PROVIDED RECORDS »

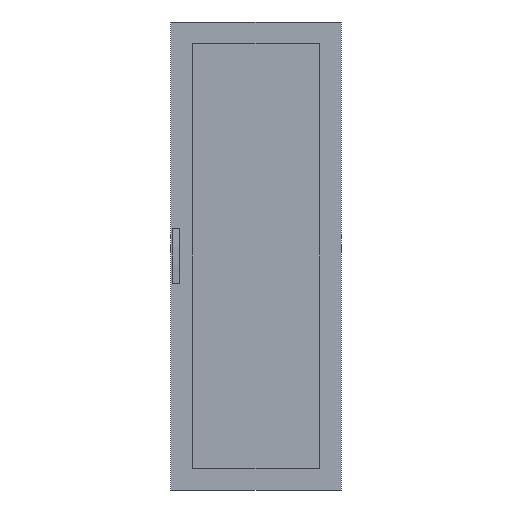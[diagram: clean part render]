
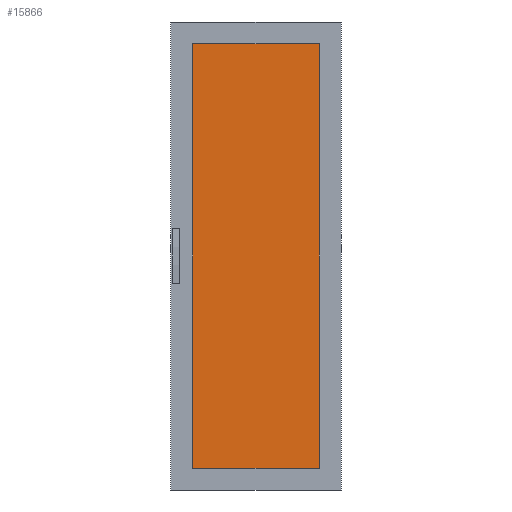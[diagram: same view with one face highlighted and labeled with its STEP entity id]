
A CAD part, front view. The second image highlights one B-rep face of the part: STEP entity #15866.
In plain terms, the highlighted planar face has unit normal (0, -1, 0).
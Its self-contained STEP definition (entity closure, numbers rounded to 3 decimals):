
#455 = EDGE_LOOP ( 'NONE', ( #4595, #22436, #15565, #16663 ) ) ;
#464 = DIRECTION ( 'NONE',  ( 0., -1., 0. ) ) ;
#2487 = DIRECTION ( 'NONE',  ( 0., 0., -1. ) ) ;
#4595 = ORIENTED_EDGE ( 'NONE', *, *, #17154, .T. ) ;
#4942 = VERTEX_POINT ( 'NONE', #22540 ) ;
#5065 = CARTESIAN_POINT ( 'NONE',  ( 0., 0.002, 0. ) ) ;
#6677 = VECTOR ( 'NONE', #20218, 1000. ) ;
#6960 = CARTESIAN_POINT ( 'NONE',  ( 317.183, 0.002, -1005.494 ) ) ;
#7471 = VECTOR ( 'NONE', #9988, 1000. ) ;
#7714 = LINE ( 'NONE', #14053, #15417 ) ;
#8504 = AXIS2_PLACEMENT_3D ( 'NONE', #5065, #464, #2487 ) ;
#9245 = CARTESIAN_POINT ( 'NONE',  ( 317.183, 0.002, -1005.494 ) ) ;
#9352 = EDGE_CURVE ( 'NONE', #10490, #15838, #7714, .T. ) ;
#9417 = EDGE_CURVE ( 'NONE', #24982, #4942, #20067, .T. ) ;
#9988 = DIRECTION ( 'NONE',  ( 0., 0., -1. ) ) ;
#10180 = VECTOR ( 'NONE', #22490, 1000. ) ;
#10490 = VERTEX_POINT ( 'NONE', #25476 ) ;
#13678 = CARTESIAN_POINT ( 'NONE',  ( 317.183, 0.002, 1005.494 ) ) ;
#13713 = LINE ( 'NONE', #9245, #10180 ) ;
#14019 = CARTESIAN_POINT ( 'NONE',  ( -317.183, 0.002, 1005.494 ) ) ;
#14053 = CARTESIAN_POINT ( 'NONE',  ( -317.183, 0.002, -1005.494 ) ) ;
#14442 = LINE ( 'NONE', #14019, #7471 ) ;
#15417 = VECTOR ( 'NONE', #22826, 1000. ) ;
#15565 = ORIENTED_EDGE ( 'NONE', *, *, #18648, .T. ) ;
#15838 = VERTEX_POINT ( 'NONE', #6960 ) ;
#15866 = ADVANCED_FACE ( 'NONE', ( #17902 ), #24816, .T. ) ;
#16663 = ORIENTED_EDGE ( 'NONE', *, *, #9417, .T. ) ;
#17154 = EDGE_CURVE ( 'NONE', #4942, #10490, #14442, .T. ) ;
#17902 = FACE_OUTER_BOUND ( 'NONE', #455, .T. ) ;
#17908 = CARTESIAN_POINT ( 'NONE',  ( 317.183, 0.002, 1005.494 ) ) ;
#18648 = EDGE_CURVE ( 'NONE', #15838, #24982, #13713, .T. ) ;
#20067 = LINE ( 'NONE', #17908, #6677 ) ;
#20218 = DIRECTION ( 'NONE',  ( -1., 0., 0. ) ) ;
#22436 = ORIENTED_EDGE ( 'NONE', *, *, #9352, .T. ) ;
#22490 = DIRECTION ( 'NONE',  ( 0., 0., 1. ) ) ;
#22540 = CARTESIAN_POINT ( 'NONE',  ( -317.183, 0.002, 1005.494 ) ) ;
#22826 = DIRECTION ( 'NONE',  ( 1., 0., 0. ) ) ;
#24816 = PLANE ( 'NONE',  #8504 ) ;
#24982 = VERTEX_POINT ( 'NONE', #13678 ) ;
#25476 = CARTESIAN_POINT ( 'NONE',  ( -317.183, 0.002, -1005.494 ) ) ;

BRIEF » The listing should be transcribed in full, exactly, and without its pictures.

WRITTEN RESPONSE »
[diagram: clean part render]
[diagram: same view with one face highlighted and labeled with its STEP entity id]
A CAD part, front view. The second image highlights one B-rep face of the part: STEP entity #15866.
In plain terms, the highlighted planar face has unit normal (0, -1, 0).
Its self-contained STEP definition (entity closure, numbers rounded to 3 decimals):
#455 = EDGE_LOOP ( 'NONE', ( #4595, #22436, #15565, #16663 ) ) ;
#464 = DIRECTION ( 'NONE',  ( 0., -1., 0. ) ) ;
#2487 = DIRECTION ( 'NONE',  ( 0., 0., -1. ) ) ;
#4595 = ORIENTED_EDGE ( 'NONE', *, *, #17154, .T. ) ;
#4942 = VERTEX_POINT ( 'NONE', #22540 ) ;
#5065 = CARTESIAN_POINT ( 'NONE',  ( 0., 0.002, 0. ) ) ;
#6677 = VECTOR ( 'NONE', #20218, 1000. ) ;
#6960 = CARTESIAN_POINT ( 'NONE',  ( 317.183, 0.002, -1005.494 ) ) ;
#7471 = VECTOR ( 'NONE', #9988, 1000. ) ;
#7714 = LINE ( 'NONE', #14053, #15417 ) ;
#8504 = AXIS2_PLACEMENT_3D ( 'NONE', #5065, #464, #2487 ) ;
#9245 = CARTESIAN_POINT ( 'NONE',  ( 317.183, 0.002, -1005.494 ) ) ;
#9352 = EDGE_CURVE ( 'NONE', #10490, #15838, #7714, .T. ) ;
#9417 = EDGE_CURVE ( 'NONE', #24982, #4942, #20067, .T. ) ;
#9988 = DIRECTION ( 'NONE',  ( 0., 0., -1. ) ) ;
#10180 = VECTOR ( 'NONE', #22490, 1000. ) ;
#10490 = VERTEX_POINT ( 'NONE', #25476 ) ;
#13678 = CARTESIAN_POINT ( 'NONE',  ( 317.183, 0.002, 1005.494 ) ) ;
#13713 = LINE ( 'NONE', #9245, #10180 ) ;
#14019 = CARTESIAN_POINT ( 'NONE',  ( -317.183, 0.002, 1005.494 ) ) ;
#14053 = CARTESIAN_POINT ( 'NONE',  ( -317.183, 0.002, -1005.494 ) ) ;
#14442 = LINE ( 'NONE', #14019, #7471 ) ;
#15417 = VECTOR ( 'NONE', #22826, 1000. ) ;
#15565 = ORIENTED_EDGE ( 'NONE', *, *, #18648, .T. ) ;
#15838 = VERTEX_POINT ( 'NONE', #6960 ) ;
#15866 = ADVANCED_FACE ( 'NONE', ( #17902 ), #24816, .T. ) ;
#16663 = ORIENTED_EDGE ( 'NONE', *, *, #9417, .T. ) ;
#17154 = EDGE_CURVE ( 'NONE', #4942, #10490, #14442, .T. ) ;
#17902 = FACE_OUTER_BOUND ( 'NONE', #455, .T. ) ;
#17908 = CARTESIAN_POINT ( 'NONE',  ( 317.183, 0.002, 1005.494 ) ) ;
#18648 = EDGE_CURVE ( 'NONE', #15838, #24982, #13713, .T. ) ;
#20067 = LINE ( 'NONE', #17908, #6677 ) ;
#20218 = DIRECTION ( 'NONE',  ( -1., 0., 0. ) ) ;
#22436 = ORIENTED_EDGE ( 'NONE', *, *, #9352, .T. ) ;
#22490 = DIRECTION ( 'NONE',  ( 0., 0., 1. ) ) ;
#22540 = CARTESIAN_POINT ( 'NONE',  ( -317.183, 0.002, 1005.494 ) ) ;
#22826 = DIRECTION ( 'NONE',  ( 1., 0., 0. ) ) ;
#24816 = PLANE ( 'NONE',  #8504 ) ;
#24982 = VERTEX_POINT ( 'NONE', #13678 ) ;
#25476 = CARTESIAN_POINT ( 'NONE',  ( -317.183, 0.002, -1005.494 ) ) ;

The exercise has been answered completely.